Work remains on possible refinements to the method. First, the method used to calculate the measure, sometimes called the structure function approach, is cumbersome and somewhat subjective. It might be profitably replaced by a more recent approach using wavelet analysis (8, 9). Second, the measure is calculated separately for time increments of 4 to 16 heart beats (very short term) versus 32 to 128 beats (short term) and does not capture information directly from adjacent beat correlations. Finally, and most importantly, the mathematical mechanistic link between the proposed measure and the severity of transient decelerations remains to be established formally. None of these areas for further research, however, precludes investigating the use of this new heart rate index as an aid for fetal health care.

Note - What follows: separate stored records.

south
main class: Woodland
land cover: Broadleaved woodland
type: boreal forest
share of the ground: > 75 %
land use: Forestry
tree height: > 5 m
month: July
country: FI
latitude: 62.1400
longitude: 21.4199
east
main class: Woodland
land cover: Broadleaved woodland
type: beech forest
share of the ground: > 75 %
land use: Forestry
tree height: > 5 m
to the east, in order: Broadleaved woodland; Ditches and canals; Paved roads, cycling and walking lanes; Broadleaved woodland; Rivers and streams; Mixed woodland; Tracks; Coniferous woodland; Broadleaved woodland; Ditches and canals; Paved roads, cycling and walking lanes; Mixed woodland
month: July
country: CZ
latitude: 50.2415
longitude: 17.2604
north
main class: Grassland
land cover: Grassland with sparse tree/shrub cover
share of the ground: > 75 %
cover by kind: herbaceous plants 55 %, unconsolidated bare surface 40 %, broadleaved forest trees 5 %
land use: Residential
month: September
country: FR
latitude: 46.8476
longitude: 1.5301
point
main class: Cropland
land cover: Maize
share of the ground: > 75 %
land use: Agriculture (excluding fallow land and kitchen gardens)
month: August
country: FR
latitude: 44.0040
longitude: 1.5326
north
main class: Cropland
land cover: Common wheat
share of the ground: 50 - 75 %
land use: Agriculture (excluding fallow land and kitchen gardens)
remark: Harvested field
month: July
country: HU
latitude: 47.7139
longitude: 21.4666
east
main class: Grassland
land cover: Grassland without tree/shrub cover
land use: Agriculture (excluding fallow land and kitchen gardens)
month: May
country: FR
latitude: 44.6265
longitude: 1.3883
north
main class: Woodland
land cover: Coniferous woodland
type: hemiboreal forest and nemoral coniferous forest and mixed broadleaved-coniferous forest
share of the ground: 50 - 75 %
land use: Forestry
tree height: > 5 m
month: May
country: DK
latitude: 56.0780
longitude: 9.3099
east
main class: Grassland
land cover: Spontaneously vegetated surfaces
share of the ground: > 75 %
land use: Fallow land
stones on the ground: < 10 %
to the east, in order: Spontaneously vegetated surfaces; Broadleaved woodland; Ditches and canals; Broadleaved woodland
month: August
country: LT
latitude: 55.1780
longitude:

What is the physiologic mechanism of the reduced variability and transient decelerations in distressed fetuses? This crucial question remains almost entirely open. In the final analysis, the timing of threshold depolarizations of sinus node cells is determined by ion channel activity, a process highly regulated by intracellular signal transduction processes. It is tantalizing to speculate that circulating peptide regulator factors called cytokines, which are known both to increase early in the course of sepsis and to alter signal transduction processes, are causally involved. Cytokines have been implicated in fetal distress resulting in perinatal asphyxia with hypoxic-ischemic encephalopathy (10–16) and in neonatal sepsis (17). Interestingly, premature newborn infants have the same abnormal heart rate characteristics of reduced variability and transient decelerations early in the course of sepsis and sepsis-like illness (18). This clinical syndrome, which has been called the systemic inflammatory response syndrome, or SIRS, has been clearly linked to cytokines in a variety of illnesses (19, 20).

It will be exciting to see how the new sciences of nonlinear dynamics/chaos theory and cellular signaling can join forces to elucidate basic mechanisms of disease and to produce new and useful clinical tools.